Proposed updates to align FDA Premarket Cybersecurity Guidance with Section 524B of the FD&C Act

On March 12, 2024 FDA published “Select Updates for the Premarket Cybersecurity Guidance: Section 524B of the FD&C Act — Draft Guidance for Industry and Food and Drug Administration Staff”. The draft document is open for public comment until May 13, 2024.

Specifically, FDA provides this draft guidance to propose updates to the FDA Cybersecurity Premarket Guidance (Sept. 2023) by suggesting a new section to address new considerations for cyber devices and clarify what cybersecurity information is considered necessary to comply with section 524B of the FD&C Act.

The proposed changes focus on the following areas:

1. Definition of a “Cyber Device” and cybersecurity information required for submission:

Any manufacturer submitting a 510(k), PMA, PDP, De Novo, or HDE for a “cyber device,” is required to include information to demonstrate that the device meets cybersecurity requirements.

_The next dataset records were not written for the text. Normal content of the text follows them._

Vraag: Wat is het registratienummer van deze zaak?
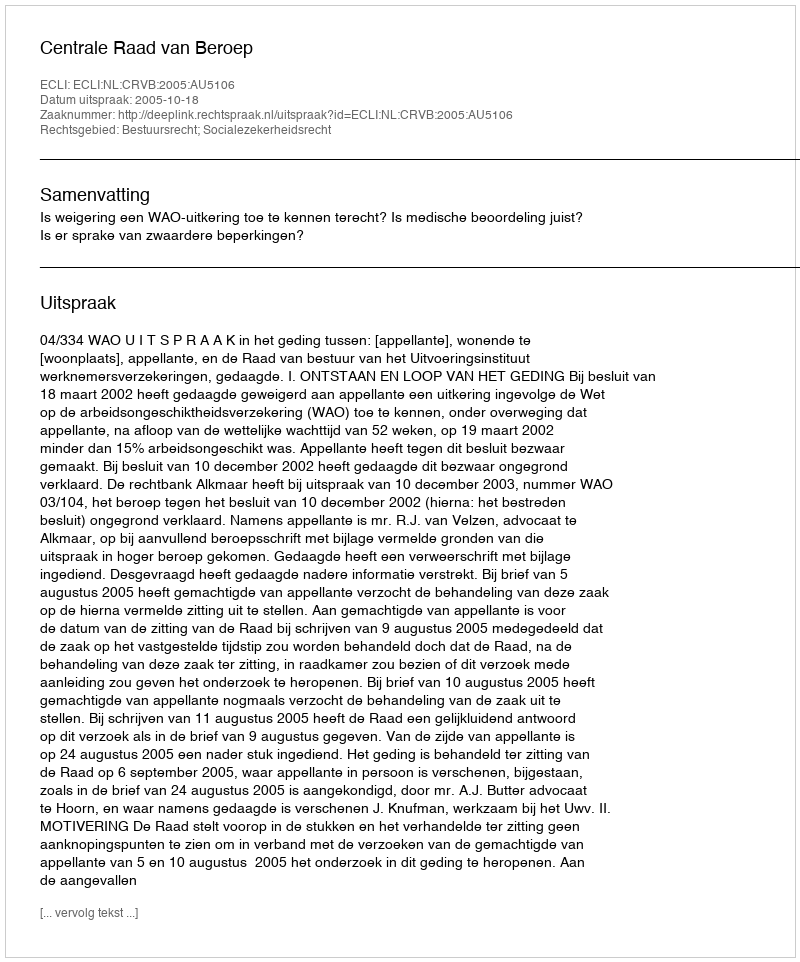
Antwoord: http://deeplink.rechtspraak.nl/uitspraak?id=ECLI:NL:CRVB:2005:AU5106
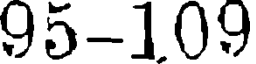
95-109
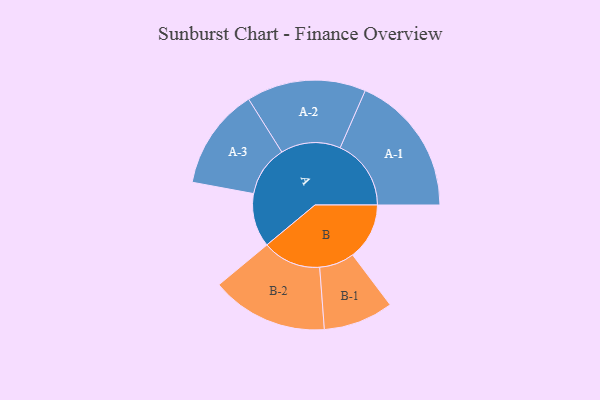
{"axis": {"x": "Segment", "y": "Value"}, "legend": ["", "A", "B"], "data": [{"x": "A", "y": 215, "type": ""}, {"x": "B", "y": 227, "type": ""}, {"x": "A-1", "y": 284, "type": "A"}, {"x": "A-2", "y": 239, "type": "A"}, {"x": "A-3", "y": 203, "type": "A"}, {"x": "B-1", "y": 140, "type": "B"}, {"x": "B-2", "y": 234, "type": "B"}]}
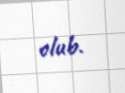
olub.
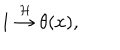
LaTeX: 1 \stackrel { { \cal H } } { \rightarrow } \theta ( x ) ,
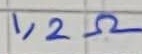
Text: 1,2Ω
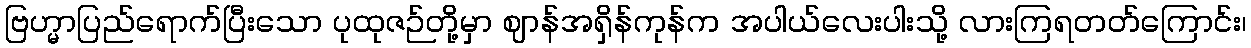
ဗြဟ္မာပြည်ရောက်ပြီးသော ပုထုဇဉ်တို့မှာ ဈာန်အရှိန်ကုန်က အပါယ်လေးပါးသို့ လားကြရတတ်ကြောင်း၊
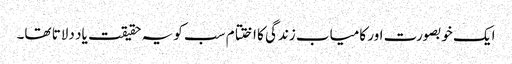
ایک خوبصورت اور کامیاب زندگی کا اختتام سب کو یہ حقیقت یاد دلاتا تھا۔
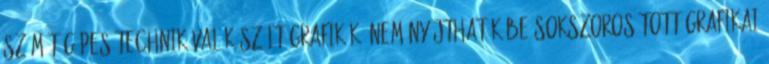
számítógépes technikával készült grafikák. Nem nyújthatók be sokszorosított grafikai
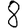
Digit: 8
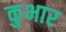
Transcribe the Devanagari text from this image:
कुभार
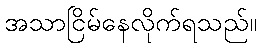
အသာငြိမ်နေလိုက်ရသည်။

A “cyber device” is a device that:

  • includes software validated, installed, or authorized by the sponsor;
  • has the ability to connect to the internet; and
  • contains any technology that could be vulnerable to cybersecurity threats.

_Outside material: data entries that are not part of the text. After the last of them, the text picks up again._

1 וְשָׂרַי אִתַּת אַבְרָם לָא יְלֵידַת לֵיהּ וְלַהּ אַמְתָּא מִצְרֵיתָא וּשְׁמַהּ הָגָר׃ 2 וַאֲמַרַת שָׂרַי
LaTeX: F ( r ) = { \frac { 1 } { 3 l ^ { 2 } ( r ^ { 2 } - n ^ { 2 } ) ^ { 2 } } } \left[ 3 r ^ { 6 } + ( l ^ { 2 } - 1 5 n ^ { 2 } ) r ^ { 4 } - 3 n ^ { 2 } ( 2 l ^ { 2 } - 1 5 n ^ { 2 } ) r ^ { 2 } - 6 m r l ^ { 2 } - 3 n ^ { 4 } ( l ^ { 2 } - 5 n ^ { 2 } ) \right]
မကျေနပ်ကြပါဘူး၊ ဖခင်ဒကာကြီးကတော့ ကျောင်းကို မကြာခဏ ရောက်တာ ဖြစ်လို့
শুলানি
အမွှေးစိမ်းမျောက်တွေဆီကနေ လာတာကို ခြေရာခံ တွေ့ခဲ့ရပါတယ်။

This definition is quite broad and includes any device that contains software and has the “ability to connect”, regardless of whether such connectivity is intended or not. This includes devices that connect via Wi-Fi or cellular; network, server, or cloud service; Bluetooth or BLE; RF or inductive communications; and hardware connectors (e.g., USB, ethernet, serial).

Medcrypt Comment: Any device that contains software will likely fall under this definition, even if the device is stand alone in its clinical use but contains means for software update, e.g., via USB port.

2. Documentation Recommendations to Comply with Section 524B

For premarket submissions, manufacturers must demonstrate compliance with section 524B of the FD&C Act. Recommendations regarding the supporting documentation include:

Plans and Procedures, for example:

  • A Postmarket Management plan “to monitor, identify, and address, as appropriate, in a reasonable time, postmarket cybersecurity vulnerabilities and exploits, including coordinated vulnerability disclosure and related procedures”.
  • An overarching Cybersecurity Management Plan.
  • Coordinated Vulnerability Disclosure (CVD) Process to manage the disclosure of vulnerabilities and exploits identified by external entities or by the manufacturer.
  • Processes to provide for timely development and release of required updates and patches on a regular cycle or, if critical, out of cycle.
  • Maintain and update plans and procedures.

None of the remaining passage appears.